Цицерон послушно написал объявление и отдал жене, чтобы она позаботилась об организации обороны. Какой бы полководец из нее получился! Ничего не забудет, замурует все входы и выходы.
– Тебе нужно увидеться с Катулом, Крассом, Гортензием, если он вернулся с побережья, Мамерком и Цезарем, – сказала она после того, как все приготовления были закончены.
– Не раньше вечера, – слабым голосом отозвался Цицерон. – Сначала надо убедиться, что я вне опасности.
Тирон расположился наверху, у окна, из которого была хорошо видна входная дверь. Через час после рассвета он сообщил, что Варгунтей и Корнелий наконец ушли. Несколько раз они безуспешно пытались открыть замок прочной входной двери дома Цицерона.
– Это отвратительно! – воскликнул старший консул. – Я, старший консул, заперт в собственном доме?
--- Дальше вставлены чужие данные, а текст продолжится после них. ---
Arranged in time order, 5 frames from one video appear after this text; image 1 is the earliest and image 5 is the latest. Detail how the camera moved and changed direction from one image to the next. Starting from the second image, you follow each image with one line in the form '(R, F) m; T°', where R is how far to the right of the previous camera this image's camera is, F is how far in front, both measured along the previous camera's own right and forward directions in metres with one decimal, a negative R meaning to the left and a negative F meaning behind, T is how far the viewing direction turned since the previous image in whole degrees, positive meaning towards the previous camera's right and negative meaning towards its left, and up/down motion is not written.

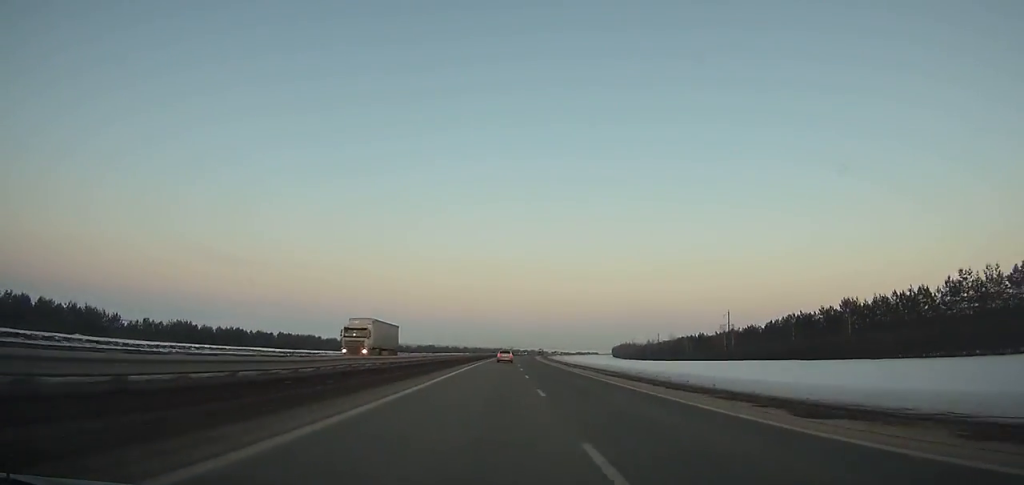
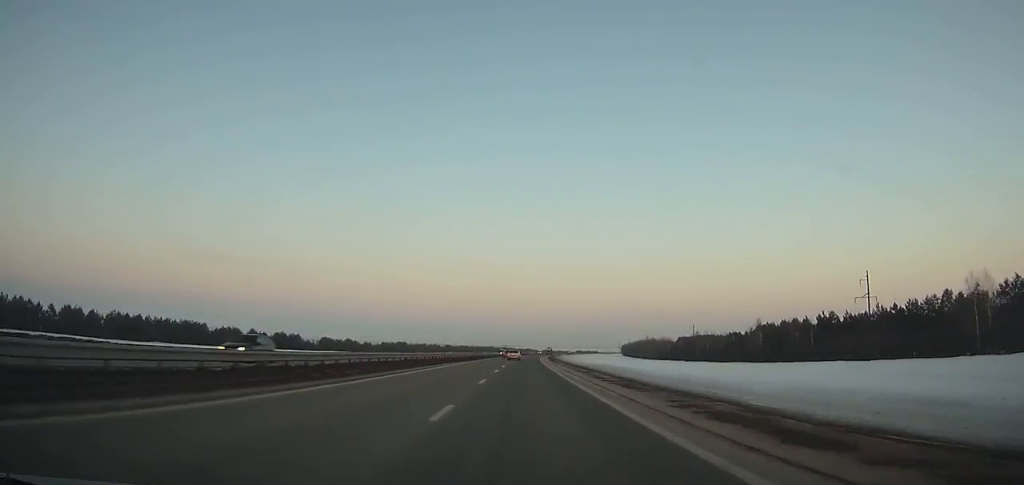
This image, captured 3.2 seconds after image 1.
(+2.1, +103.2) m; +2°
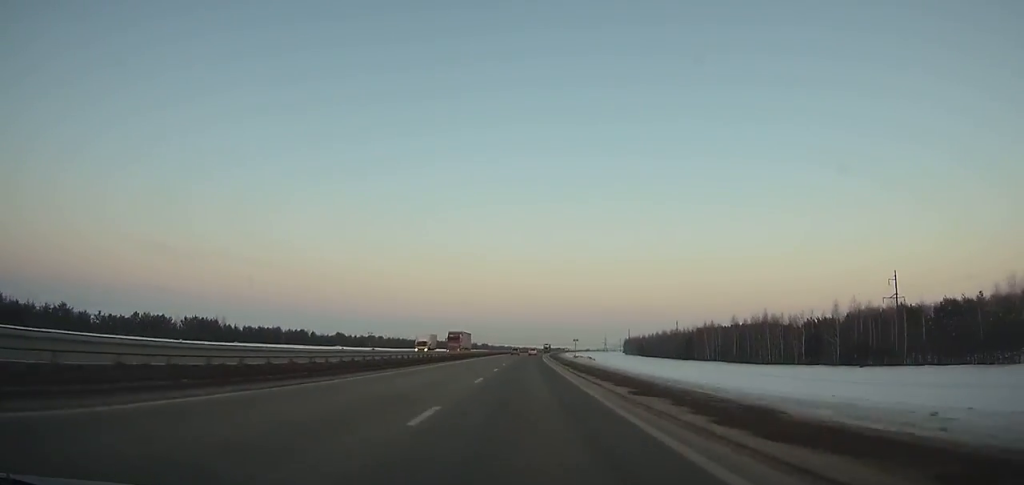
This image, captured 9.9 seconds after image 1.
(+6.9, +214.2) m; +4°
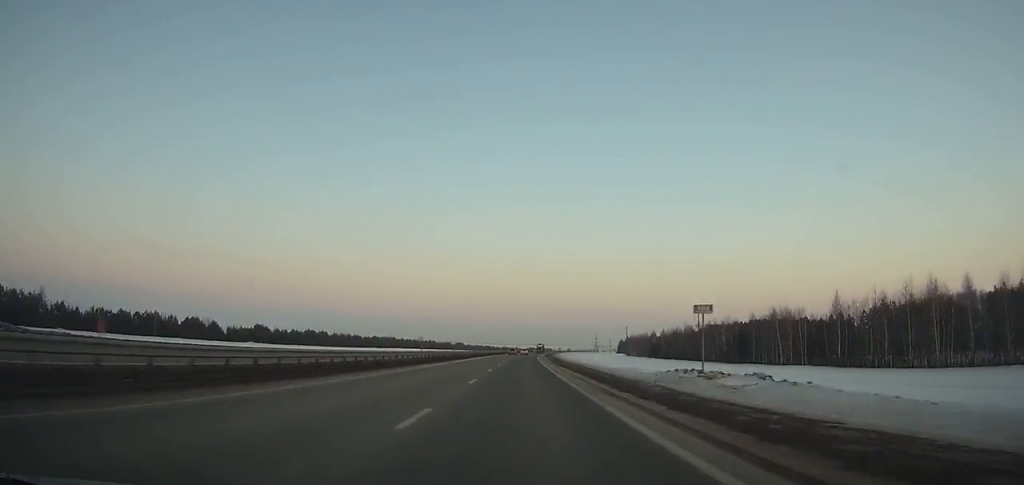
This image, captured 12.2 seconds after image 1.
(+0.7, +73.0) m; +1°
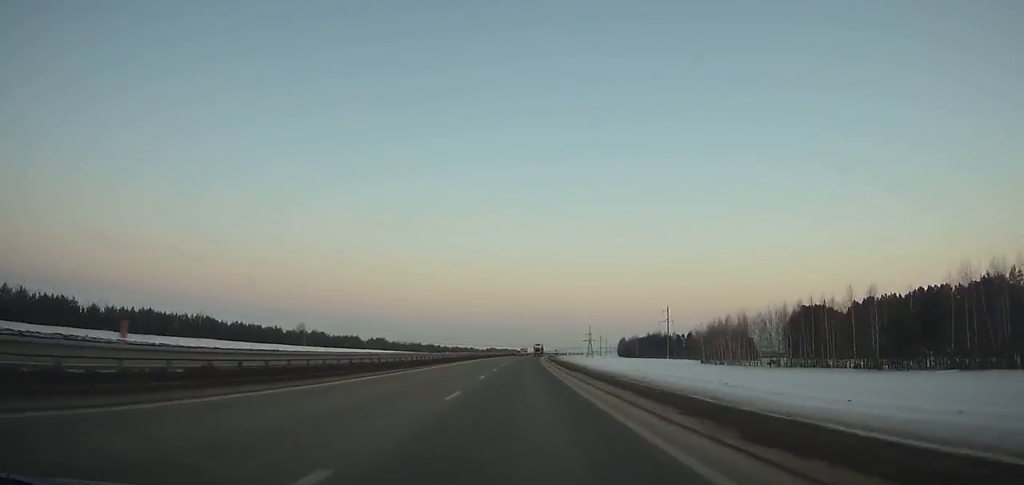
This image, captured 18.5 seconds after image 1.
(+5.7, +198.0) m; +4°

Тирон, разошли людей ко всем консулярам Рима! Завтра я заставлю Катилину убраться из города.
Пятнадцать консуляров явились на зов – Мамерк, Попликола, Катул, Торкват, Красс, Луций Котта, Ватия Исаврийский, Курион, Лукулл, Варрон Лукулл, Волькаций Тулл, Гай Марций Фигул, Глабрион, Луций Цезарь и Гай Пизон. Ни консулов следующего года, ни будущего городского претора Цезаря не пригласили. Цицерон решил созвать только военный совет.
– К сожалению, – медленно начал он, когда все собрались в атрии, слишком маленьком для того, чтобы с комфортом разместить столь большую и представительную компанию (непременно нужно будет как-то заработать денег, чтобы купить дом побольше!), – я не могу убедить Квинта Курия дать показания, а это значит, что у меня нет полноценного дела. Фульвия Нобилиор тоже не будет свидетельствовать, даже если сенат согласится выслушать показания женщины.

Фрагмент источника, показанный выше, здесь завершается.